→ Exercise description
Once the pictures have been removed, repeat the remainder of the records exactly.
[Listed entries Boundary: Start]
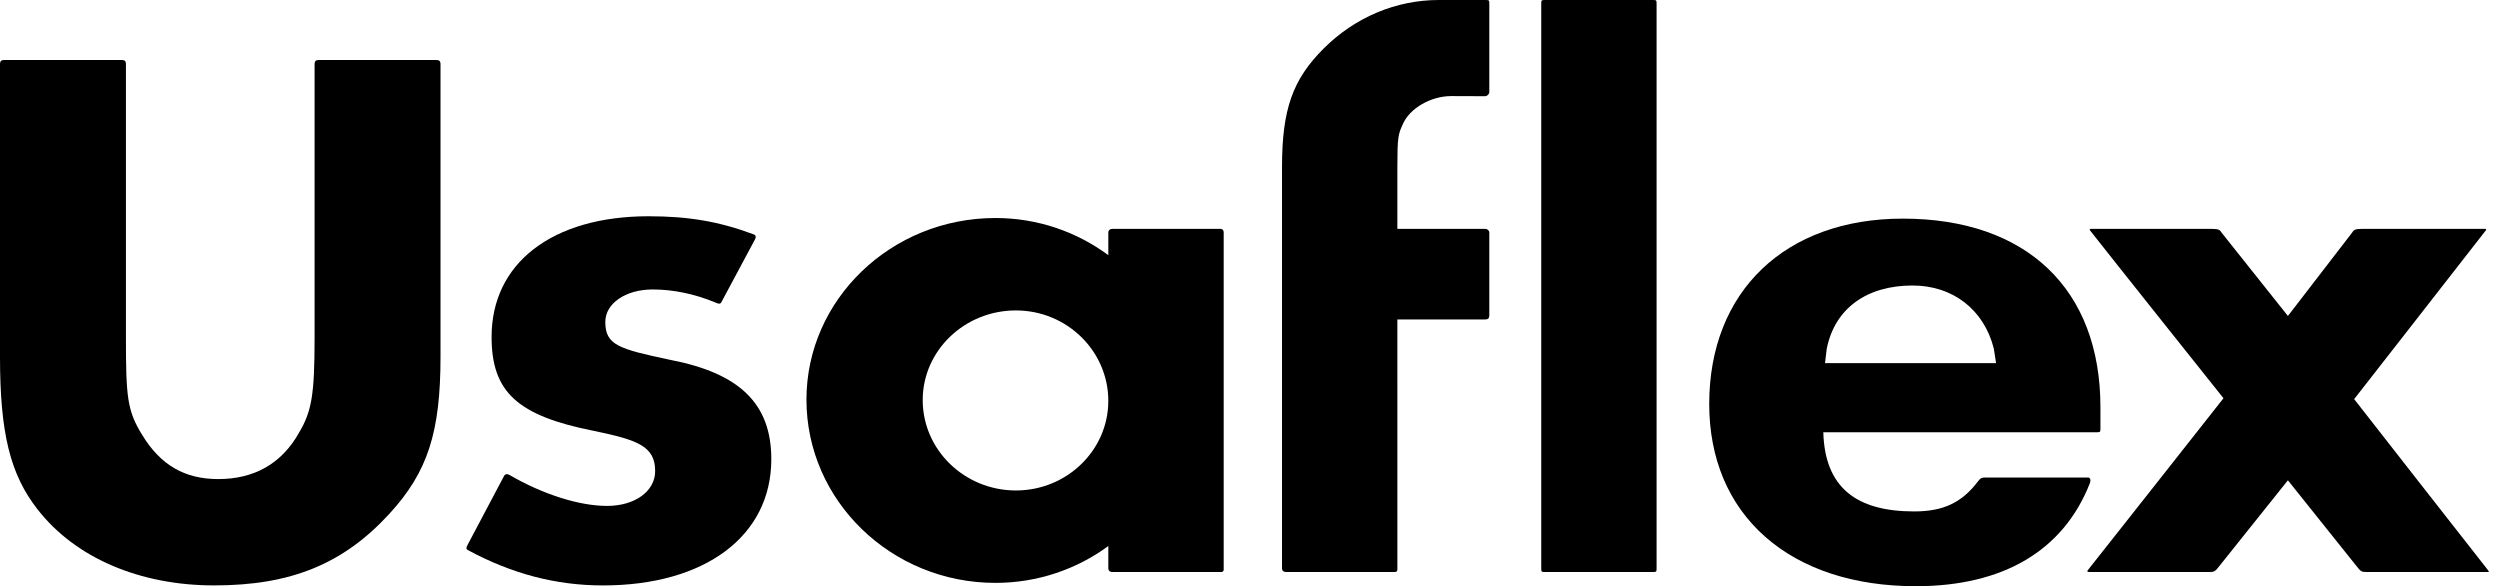 <svg width="145" height="34" viewBox="0 0 145 34" fill="none" xmlns="http://www.w3.org/2000/svg">
<path d="M25.32 3.479H18.481C18.324 3.479 18.246 3.554 18.246 3.703V19.586C18.246 22.871 18.085 23.851 17.344 25.096C16.341 26.881 14.764 27.786 12.657 27.786C10.718 27.786 9.321 26.979 8.263 25.251C7.381 23.841 7.304 23.041 7.304 19.586V3.703C7.304 3.552 7.231 3.479 7.073 3.479H0.23C0.078 3.479 0 3.552 0 3.703V20.685C0 25.118 0.59 27.518 2.178 29.543C4.358 32.347 8.091 33.954 12.421 33.954C16.875 33.954 19.917 32.71 22.591 29.792C24.804 27.378 25.55 25.08 25.55 20.685V3.703C25.55 3.555 25.472 3.479 25.32 3.479Z" fill="black"/>
<path d="M38.844 20.865C35.883 20.236 35.108 20.016 35.108 18.671C35.108 17.598 36.287 16.789 37.851 16.789C39.053 16.789 40.281 17.044 41.502 17.549L41.523 17.558C41.618 17.604 41.68 17.613 41.714 17.613C41.782 17.613 41.818 17.567 41.827 17.551L41.825 17.554L43.797 13.871C43.885 13.686 43.788 13.627 43.728 13.599C41.721 12.849 39.949 12.543 37.615 12.543C34.863 12.543 32.555 13.206 30.941 14.46C29.352 15.693 28.512 17.451 28.512 19.541C28.512 22.738 30.009 24.113 34.449 24.992C36.971 25.516 37.999 25.874 37.999 27.323C37.999 28.493 36.825 29.343 35.208 29.343C33.597 29.343 31.482 28.672 29.54 27.543C29.482 27.507 29.316 27.448 29.235 27.607L27.111 31.62C27.006 31.818 27.066 31.863 27.129 31.901C29.686 33.283 32.251 33.955 34.972 33.955C40.904 33.955 44.736 31.082 44.736 26.636C44.736 23.426 42.922 21.647 38.844 20.865Z" fill="black"/>
<path d="M105.949 20.24C106.417 17.867 108.294 16.559 110.929 16.559C113.267 16.559 115.073 17.962 115.642 20.22L115.772 21.062H105.851L105.949 20.24ZM121.108 27.695H115.135C114.937 27.695 114.858 27.736 114.731 27.91C113.787 29.155 112.713 29.663 111.023 29.663C107.688 29.663 105.84 28.297 105.752 25.071H121.628C121.815 25.069 121.825 25.049 121.825 24.848L121.825 23.615C121.825 16.767 117.54 12.68 110.362 12.68C103.542 12.68 99.135 16.9 99.135 23.431C99.135 26.59 100.254 29.25 102.37 31.123C104.497 33.005 107.522 34 111.117 34C116.188 34 119.68 31.932 121.212 28.026C121.28 27.842 121.234 27.695 121.108 27.695Z" fill="black"/>
<path d="M95.853 0H89.622C89.403 0 89.392 0.011 89.392 0.223V32.954C89.392 33.166 89.403 33.177 89.622 33.177H95.853C96.071 33.177 96.082 33.166 96.082 32.954V0.223C96.082 0.011 96.071 0 95.853 0Z" fill="black"/>
<path d="M86.151 0H83.46C80.973 0 78.601 0.996 76.783 2.804C74.969 4.607 74.357 6.347 74.357 9.699V32.954C74.357 33.161 74.531 33.177 74.584 33.177H80.911C80.911 33.177 81.048 33.181 81.048 33.029C81.048 32.758 81.047 18.528 81.047 18.528H86.151C86.304 18.528 86.38 18.456 86.38 18.301V13.498C86.38 13.376 86.276 13.275 86.151 13.275H81.047V9.699C81.047 7.957 81.095 7.78 81.366 7.198C81.757 6.287 82.986 5.573 84.166 5.573C84.166 5.573 85.972 5.58 86.136 5.58C86.256 5.58 86.38 5.459 86.38 5.343V0.223C86.38 0.011 86.37 0 86.151 0Z" fill="black"/>
<path d="M58.923 28.447C55.942 28.447 53.517 26.094 53.517 23.203C53.517 20.337 55.942 18.005 58.923 18.005C61.878 18.005 64.282 20.358 64.282 23.249C64.282 26.115 61.878 28.447 58.923 28.447ZM70.821 13.275H64.513C64.34 13.275 64.283 13.402 64.283 13.477V14.801C62.46 13.449 60.191 12.645 57.733 12.645C51.69 12.645 46.774 17.37 46.774 23.179C46.774 29.039 51.69 33.807 57.733 33.807C60.191 33.807 62.46 33.01 64.283 31.669V32.954C64.283 33.161 64.457 33.177 64.51 33.177H70.837C70.837 33.177 70.974 33.181 70.974 33.029V13.477C70.974 13.298 70.821 13.275 70.821 13.275Z" fill="black"/>
<path d="M144.321 33.091C143.959 32.643 136.541 23.149 136.541 23.149C136.541 23.149 143.355 14.426 144.183 13.355C144.211 13.318 144.199 13.275 144.151 13.275H136.988C136.561 13.275 136.514 13.347 136.401 13.52C136.373 13.563 132.699 18.326 132.699 18.326C132.699 18.326 128.902 13.563 128.873 13.52C128.76 13.347 128.713 13.275 128.287 13.275H121.255C121.22 13.275 121.187 13.316 121.211 13.349C122.044 14.426 128.962 23.098 128.962 23.098C128.962 23.098 121.439 32.643 121.077 33.091C121.049 33.125 121.075 33.176 121.141 33.176H128.151C128.4 33.176 128.476 33.163 128.732 32.819L132.698 27.857L136.666 32.819C136.922 33.163 136.998 33.176 137.247 33.176H144.321C144.368 33.176 144.349 33.125 144.321 33.091Z" fill="black"/>
</svg>
[Listed entries Boundary: End]
→ Exercise solution
 <svg width="145" height="34" viewBox="0 0 145 34" fill="none" xmlns="http://www.w3.org/2000/svg">
<path d="M25.32 3.479H18.481C18.324 3.479 18.246 3.554 18.246 3.703V19.586C18.246 22.871 18.085 23.851 17.344 25.096C16.341 26.881 14.764 27.786 12.657 27.786C10.718 27.786 9.321 26.979 8.263 25.251C7.381 23.841 7.304 23.041 7.304 19.586V3.703C7.304 3.552 7.231 3.479 7.073 3.479H0.23C0.078 3.479 0 3.552 0 3.703V20.685C0 25.118 0.59 27.518 2.178 29.543C4.358 32.347 8.091 33.954 12.421 33.954C16.875 33.954 19.917 32.71 22.591 29.792C24.804 27.378 25.55 25.08 25.55 20.685V3.703C25.55 3.555 25.472 3.479 25.32 3.479Z" fill="black"/>
<path d="M38.844 20.865C35.883 20.236 35.108 20.016 35.108 18.671C35.108 17.598 36.287 16.789 37.851 16.789C39.053 16.789 40.281 17.044 41.502 17.549L41.523 17.558C41.618 17.604 41.68 17.613 41.714 17.613C41.782 17.613 41.818 17.567 41.827 17.551L41.825 17.554L43.797 13.871C43.885 13.686 43.788 13.627 43.728 13.599C41.721 12.849 39.949 12.543 37.615 12.543C34.863 12.543 32.555 13.206 30.941 14.46C29.352 15.693 28.512 17.451 28.512 19.541C28.512 22.738 30.009 24.113 34.449 24.992C36.971 25.516 37.999 25.874 37.999 27.323C37.999 28.493 36.825 29.343 35.208 29.343C33.597 29.343 31.482 28.672 29.54 27.543C29.482 27.507 29.316 27.448 29.235 27.607L27.111 31.62C27.006 31.818 27.066 31.863 27.129 31.901C29.686 33.283 32.251 33.955 34.972 33.955C40.904 33.955 44.736 31.082 44.736 26.636C44.736 23.426 42.922 21.647 38.844 20.865Z" fill="black"/>
<path d="M105.949 20.24C106.417 17.867 108.294 16.559 110.929 16.559C113.267 16.559 115.073 17.962 115.642 20.22L115.772 21.062H105.851L105.949 20.24ZM121.108 27.695H115.135C114.937 27.695 114.858 27.736 114.731 27.91C113.787 29.155 112.713 29.663 111.023 29.663C107.688 29.663 105.84 28.297 105.752 25.071H121.628C121.815 25.069 121.825 25.049 121.825 24.848L121.825 23.615C121.825 16.767 117.54 12.68 110.362 12.68C103.542 12.68 99.135 16.9 99.135 23.431C99.135 26.59 100.254 29.25 102.37 31.123C104.497 33.005 107.522 34 111.117 34C116.188 34 119.68 31.932 121.212 28.026C121.28 27.842 121.234 27.695 121.108 27.695Z" fill="black"/>
<path d="M95.853 0H89.622C89.403 0 89.392 0.011 89.392 0.223V32.954C89.392 33.166 89.403 33.177 89.622 33.177H95.853C96.071 33.177 96.082 33.166 96.082 32.954V0.223C96.082 0.011 96.071 0 95.853 0Z" fill="black"/>
<path d="M86.151 0H83.46C80.973 0 78.601 0.996 76.783 2.804C74.969 4.607 74.357 6.347 74.357 9.699V32.954C74.357 33.161 74.531 33.177 74.584 33.177H80.911C80.911 33.177 81.048 33.181 81.048 33.029C81.048 32.758 81.047 18.528 81.047 18.528H86.151C86.304 18.528 86.38 18.456 86.38 18.301V13.498C86.38 13.376 86.276 13.275 86.151 13.275H81.047V9.699C81.047 7.957 81.095 7.78 81.366 7.198C81.757 6.287 82.986 5.573 84.166 5.573C84.166 5.573 85.972 5.58 86.136 5.58C86.256 5.58 86.38 5.459 86.38 5.343V0.223C86.38 0.011 86.37 0 86.151 0Z" fill="black"/>
<path d="M58.923 28.447C55.942 28.447 53.517 26.094 53.517 23.203C53.517 20.337 55.942 18.005 58.923 18.005C61.878 18.005 64.282 20.358 64.282 23.249C64.282 26.115 61.878 28.447 58.923 28.447ZM70.821 13.275H64.513C64.34 13.275 64.283 13.402 64.283 13.477V14.801C62.46 13.449 60.191 12.645 57.733 12.645C51.69 12.645 46.774 17.37 46.774 23.179C46.774 29.039 51.69 33.807 57.733 33.807C60.191 33.807 62.46 33.01 64.283 31.669V32.954C64.283 33.161 64.457 33.177 64.51 33.177H70.837C70.837 33.177 70.974 33.181 70.974 33.029V13.477C70.974 13.298 70.821 13.275 70.821 13.275Z" fill="black"/>
<path d="M144.321 33.091C143.959 32.643 136.541 23.149 136.541 23.149C136.541 23.149 143.355 14.426 144.183 13.355C144.211 13.318 144.199 13.275 144.151 13.275H136.988C136.561 13.275 136.514 13.347 136.401 13.52C136.373 13.563 132.699 18.326 132.699 18.326C132.699 18.326 128.902 13.563 128.873 13.52C128.76 13.347 128.713 13.275 128.287 13.275H121.255C121.22 13.275 121.187 13.316 121.211 13.349C122.044 14.426 128.962 23.098 128.962 23.098C128.962 23.098 121.439 32.643 121.077 33.091C121.049 33.125 121.075 33.176 121.141 33.176H128.151C128.4 33.176 128.476 33.163 128.732 32.819L132.698 27.857L136.666 32.819C136.922 33.163 136.998 33.176 137.247 33.176H144.321C144.368 33.176 144.349 33.125 144.321 33.091Z" fill="black"/>
</svg>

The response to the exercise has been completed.